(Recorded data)
Start of Block
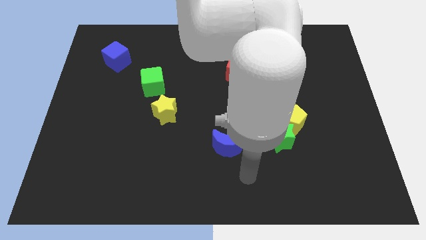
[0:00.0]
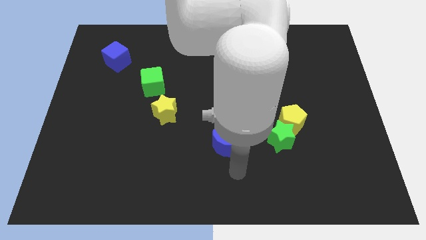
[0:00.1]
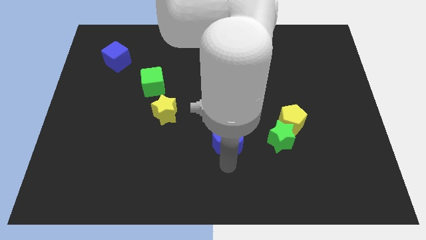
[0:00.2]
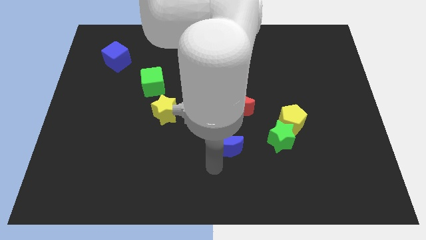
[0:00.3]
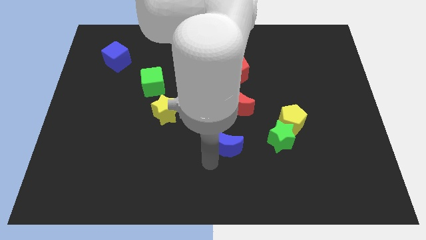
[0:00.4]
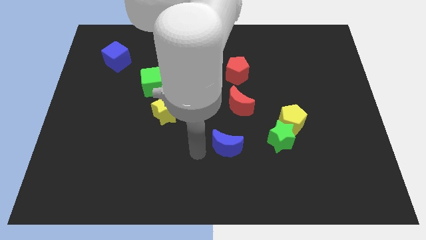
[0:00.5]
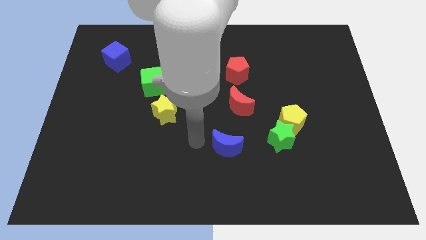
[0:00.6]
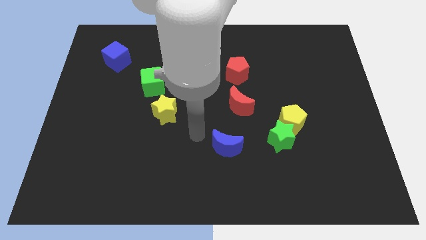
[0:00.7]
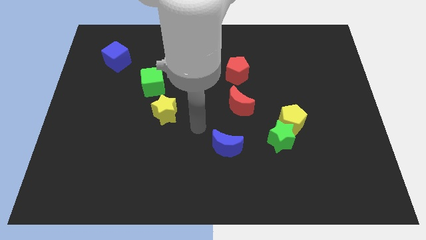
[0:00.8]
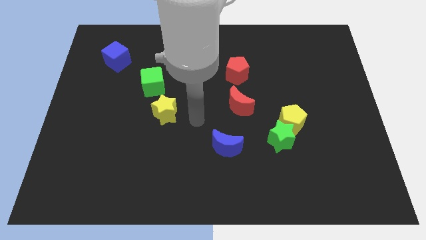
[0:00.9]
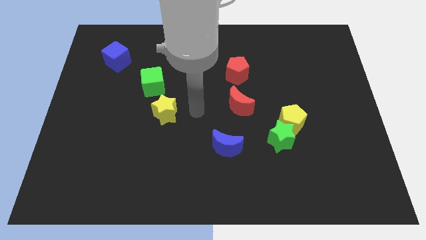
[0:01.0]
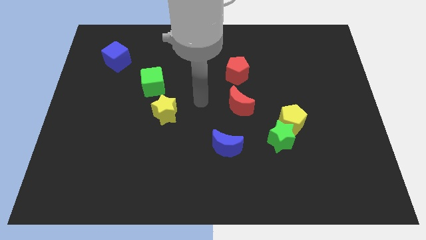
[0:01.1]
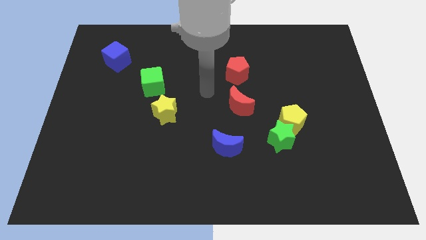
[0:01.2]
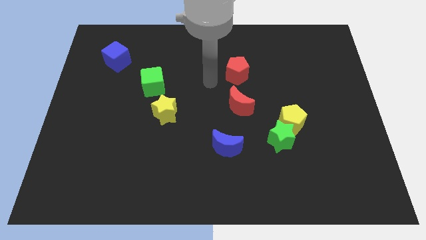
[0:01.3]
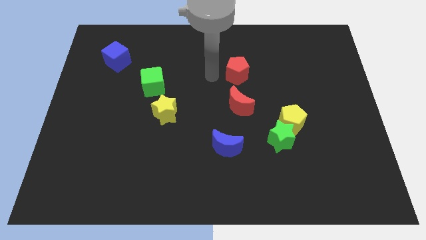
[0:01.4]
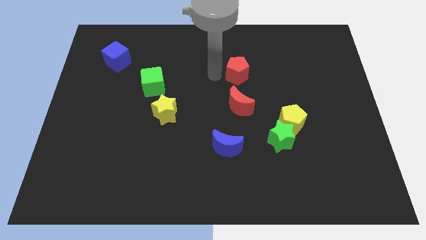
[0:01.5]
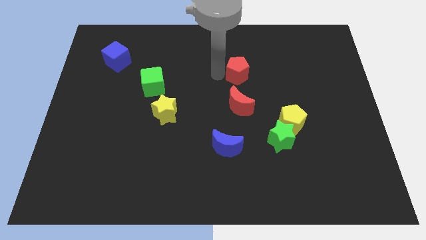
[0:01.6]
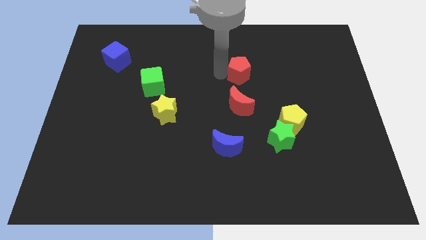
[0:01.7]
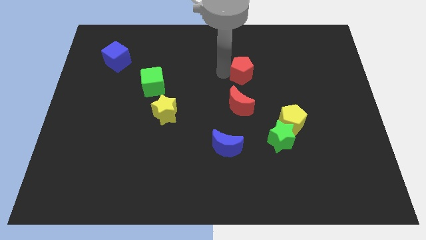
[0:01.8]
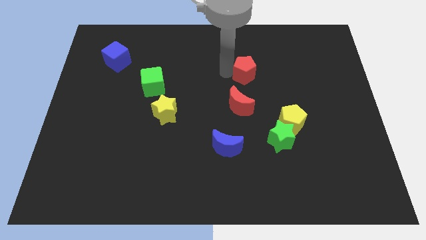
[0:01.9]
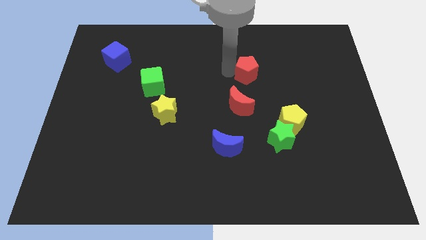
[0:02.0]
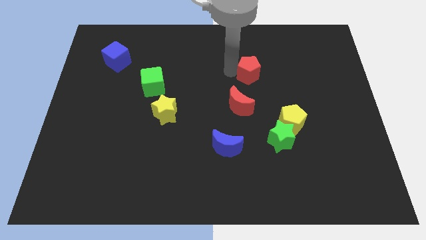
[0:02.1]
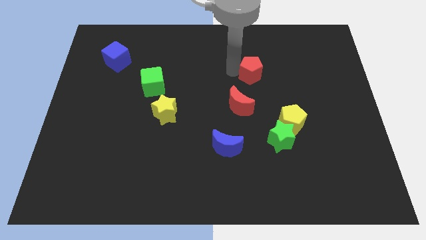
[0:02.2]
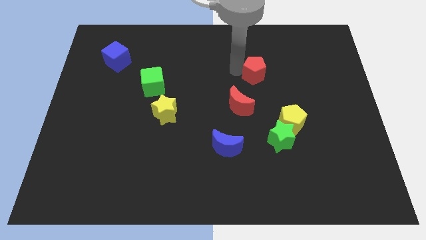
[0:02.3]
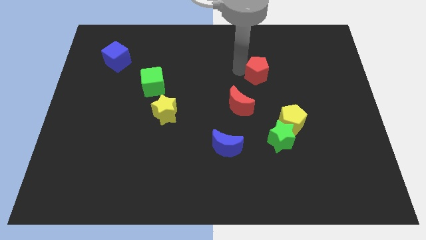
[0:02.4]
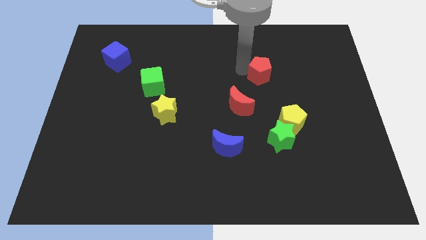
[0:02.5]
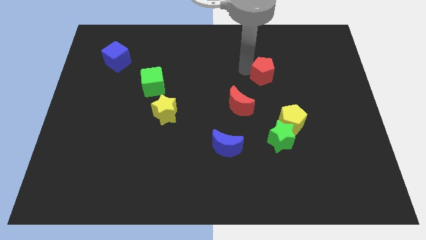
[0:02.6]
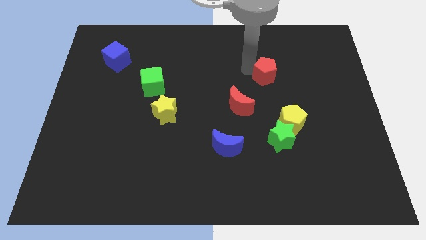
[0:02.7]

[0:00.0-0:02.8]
slide the red pentagon to the right a little
End of Block
## What the task asks
Leave every picture out and output the records exactly.

## Task answer
[0:00.0]
[0:00.1]
[0:00.2]
[0:00.3]
[0:00.4]
[0:00.5]
[0:00.6]
[0:00.7]
[0:00.8]
[0:00.9]
[0:01.0]
[0:01.1]
[0:01.2]
[0:01.3]
[0:01.4]
[0:01.5]
[0:01.6]
[0:01.7]
[0:01.8]
[0:01.9]
[0:02.0]
[0:02.1]
[0:02.2]
[0:02.3]
[0:02.4]
[0:02.5]
[0:02.6]
[0:02.7]

[0:00.0-0:02.8]
slide the red pentagon to the right a little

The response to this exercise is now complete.